Let’s manually apply 2-factor loop unrolling to our isPrime function (available in optExample3.c):

// helper function: checks to see if a number is prime
int isPrime(int x) {
    int i;
    int max = sqrt(x)+1;

    // no prime number is less than 2
    for (i = 2; i < max; i+=2) {
        // if the number is divisible by i or i+1
        if ( (x % i == 0) || (x % (i+1) == 0) ) {
            return 0; // it's not prime
        }
    }
    return 1; // otherwise it is
}

Notice that even though we have halved the number of iterations that the for loop takes, each iteration of the loop now performs two modulo checks, doubling the amount of work per iteration. Recompiling and rerunning the program results in marginally improved times (see Table 2). The readability of the code is also reduced. A better way to utilize loop unrolling is to invoke the -funroll-loops compiler optimization flag, which tells the compiler to unroll loops whose iterations can be determined at compile time. The -funroll-all-loops compiler flag is a more aggressive option that unrolls all loops whether or not the compiler is certain of the number of iterations.
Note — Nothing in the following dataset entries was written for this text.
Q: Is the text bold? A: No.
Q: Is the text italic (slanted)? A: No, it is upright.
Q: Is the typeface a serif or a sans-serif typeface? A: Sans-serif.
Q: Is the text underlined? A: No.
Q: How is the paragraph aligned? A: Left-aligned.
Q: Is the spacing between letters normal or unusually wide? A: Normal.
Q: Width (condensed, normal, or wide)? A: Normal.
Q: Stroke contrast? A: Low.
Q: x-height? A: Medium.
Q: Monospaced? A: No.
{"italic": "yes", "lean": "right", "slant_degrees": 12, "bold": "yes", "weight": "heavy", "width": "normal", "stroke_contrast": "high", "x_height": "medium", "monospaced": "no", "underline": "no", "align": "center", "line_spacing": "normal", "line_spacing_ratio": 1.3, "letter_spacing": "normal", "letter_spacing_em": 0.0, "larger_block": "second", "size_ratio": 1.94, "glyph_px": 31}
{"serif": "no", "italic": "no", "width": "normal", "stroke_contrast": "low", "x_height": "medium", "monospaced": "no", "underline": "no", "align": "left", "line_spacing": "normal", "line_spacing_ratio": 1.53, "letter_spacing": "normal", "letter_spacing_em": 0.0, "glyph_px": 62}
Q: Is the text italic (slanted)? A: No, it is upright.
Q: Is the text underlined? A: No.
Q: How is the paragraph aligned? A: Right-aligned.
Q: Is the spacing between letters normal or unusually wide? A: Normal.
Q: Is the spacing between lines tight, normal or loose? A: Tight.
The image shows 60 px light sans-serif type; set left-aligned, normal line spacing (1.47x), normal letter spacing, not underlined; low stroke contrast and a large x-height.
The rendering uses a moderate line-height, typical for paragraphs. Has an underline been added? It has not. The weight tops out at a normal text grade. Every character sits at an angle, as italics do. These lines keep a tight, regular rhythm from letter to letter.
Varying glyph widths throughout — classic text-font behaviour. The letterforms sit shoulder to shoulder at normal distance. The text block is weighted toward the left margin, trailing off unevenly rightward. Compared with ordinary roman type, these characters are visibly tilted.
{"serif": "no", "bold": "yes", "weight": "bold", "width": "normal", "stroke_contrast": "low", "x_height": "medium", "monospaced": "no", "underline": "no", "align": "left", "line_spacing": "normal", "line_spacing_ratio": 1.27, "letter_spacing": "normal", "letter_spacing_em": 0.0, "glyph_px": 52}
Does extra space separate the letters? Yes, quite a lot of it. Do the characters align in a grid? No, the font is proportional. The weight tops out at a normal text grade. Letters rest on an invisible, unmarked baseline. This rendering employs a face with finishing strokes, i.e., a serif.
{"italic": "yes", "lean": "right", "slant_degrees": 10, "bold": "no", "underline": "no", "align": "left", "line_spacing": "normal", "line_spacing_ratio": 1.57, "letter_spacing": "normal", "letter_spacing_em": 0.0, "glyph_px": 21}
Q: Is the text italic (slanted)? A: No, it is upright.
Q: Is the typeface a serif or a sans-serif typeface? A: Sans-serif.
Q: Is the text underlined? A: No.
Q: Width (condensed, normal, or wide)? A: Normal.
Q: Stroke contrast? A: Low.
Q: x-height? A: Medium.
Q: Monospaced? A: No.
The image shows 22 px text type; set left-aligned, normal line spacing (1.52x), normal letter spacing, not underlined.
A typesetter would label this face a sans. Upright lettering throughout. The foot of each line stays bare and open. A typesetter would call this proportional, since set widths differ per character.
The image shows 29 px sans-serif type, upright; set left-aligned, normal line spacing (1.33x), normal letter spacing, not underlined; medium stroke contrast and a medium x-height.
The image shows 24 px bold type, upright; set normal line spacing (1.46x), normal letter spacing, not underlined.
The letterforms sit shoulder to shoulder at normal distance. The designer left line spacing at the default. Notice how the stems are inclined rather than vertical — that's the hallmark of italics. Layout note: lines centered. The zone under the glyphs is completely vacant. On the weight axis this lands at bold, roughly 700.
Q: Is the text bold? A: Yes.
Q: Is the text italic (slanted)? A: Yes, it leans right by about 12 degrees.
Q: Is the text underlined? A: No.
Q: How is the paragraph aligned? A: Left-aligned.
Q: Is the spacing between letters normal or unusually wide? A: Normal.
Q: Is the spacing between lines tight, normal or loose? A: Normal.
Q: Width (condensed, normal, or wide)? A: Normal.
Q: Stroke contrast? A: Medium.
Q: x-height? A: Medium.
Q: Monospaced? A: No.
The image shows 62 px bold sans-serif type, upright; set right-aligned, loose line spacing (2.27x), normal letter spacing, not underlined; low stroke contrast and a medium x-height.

Table 2 shows the runtimes of the manual 2-factor loop unrolling (available in optExample3.c) compared to adding the -funroll-loops and -funroll-all-loops compiler optimization flags to the previous program (optExample2.c).

Table 2. Time in Seconds to Produce 5,000,000 Prime Numbers
Version Unoptimized -O1 -O2 -O3

Original (optExample.c)

3.86

2.32

2.14

2.15

With loop-invariant code motion (optExample2.c)

1.83

1.63

1.71

1.63

With manual 2-factor loop unrolling (optExample3.c)

1.65

1.53

1.45

1.45

With -funroll-loops (optExample2.c)

1.82

1.48

1.46

1.46

With -funroll-all-loops (optExample2.c)

1.81

1.47

1.47

1.46

While manual loop unrolling does result in some performance improvement, the compiler’s built-in loop unrolling flags when combined with the other optimization flags yield comparable performance. If a programmer wants to incorporate loop unrolling optimizations into their code, they should default to using the appropriate compiler flags, and not manually unroll loops themselves.